§ **THE PROBLEM**
Return exactly the lines from the one that contains "land cover: Olive groves" up to the last line of the listing, and nothing else.

§ **EXTRACTED RECORDS**

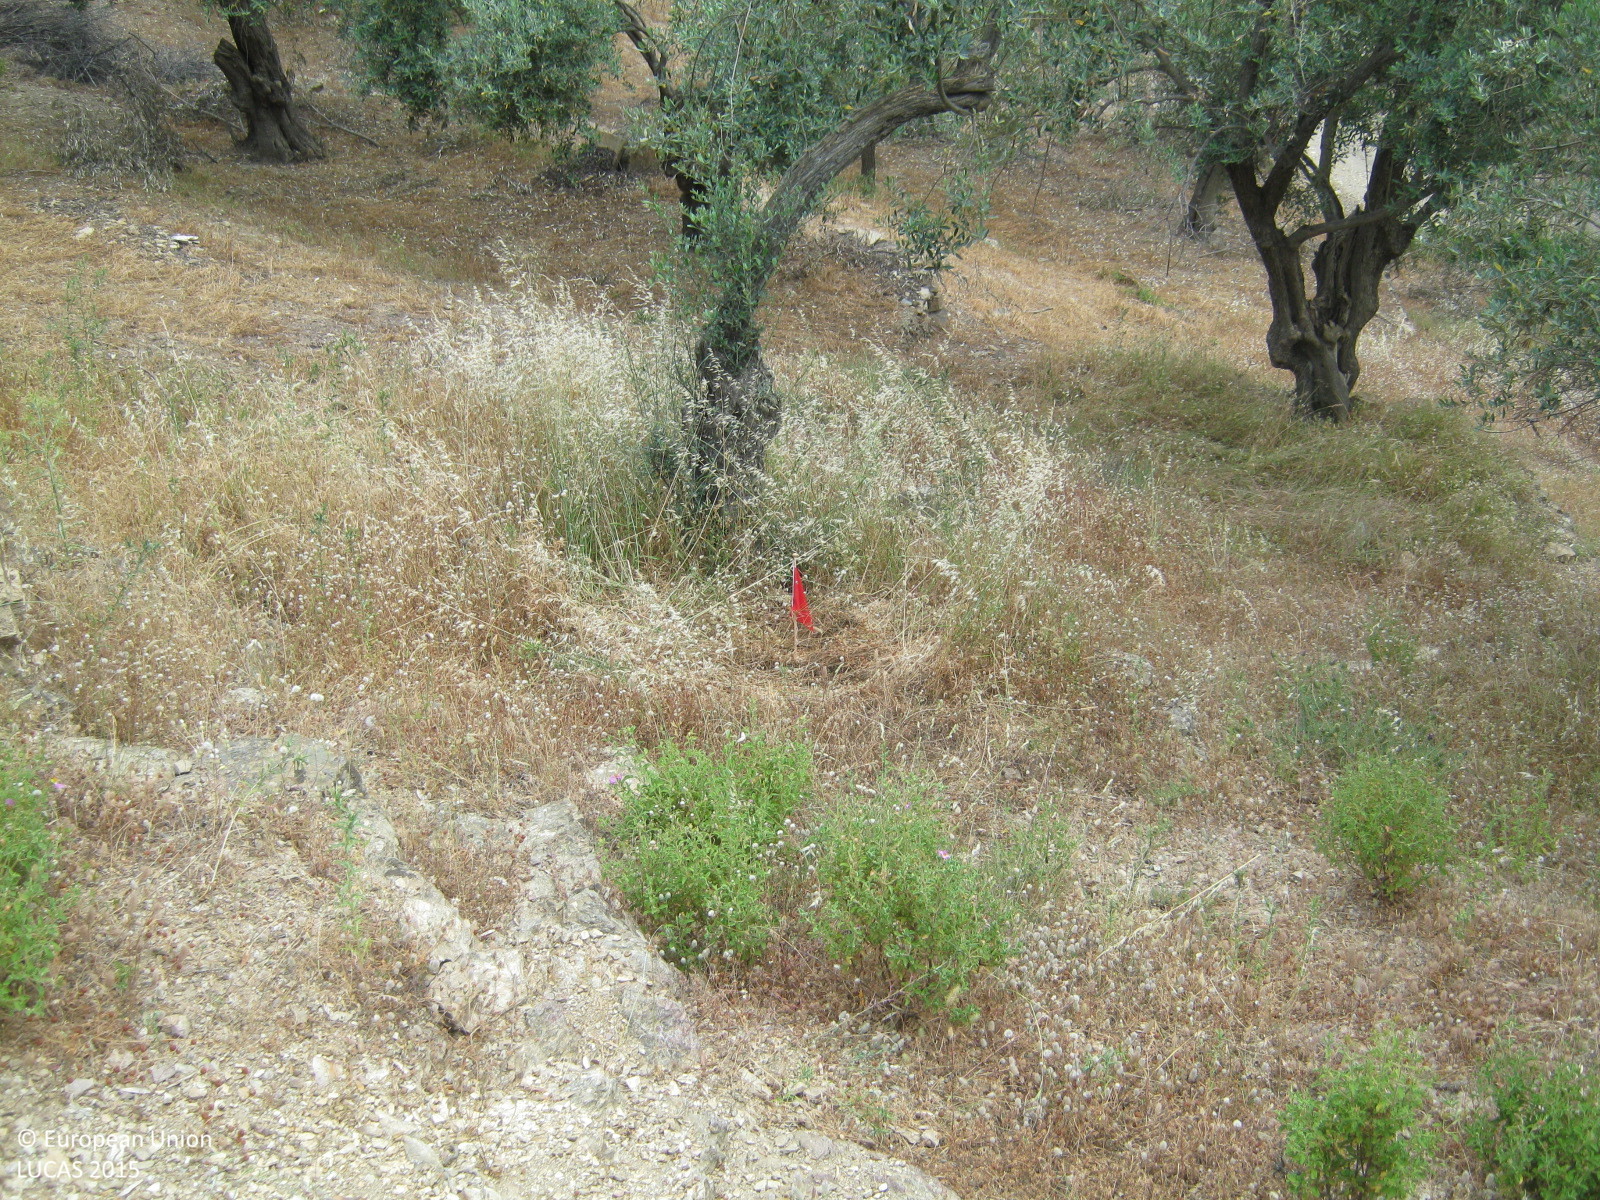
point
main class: Cropland
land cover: Olive groves
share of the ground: > 75 %
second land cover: Spontaneously vegetated surfaces
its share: > 75 %
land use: Agriculture (excluding fallow land and kitchen gardens)
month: May
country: GR
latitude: 38.9763
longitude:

§ **EXERCISE RESULT**
land cover: Olive groves
share of the ground: > 75 %
second land cover: Spontaneously vegetated surfaces
its share: > 75 %
land use: Agriculture (excluding fallow land and kitchen gardens)
month: May
country: GR
latitude: 38.9763
longitude:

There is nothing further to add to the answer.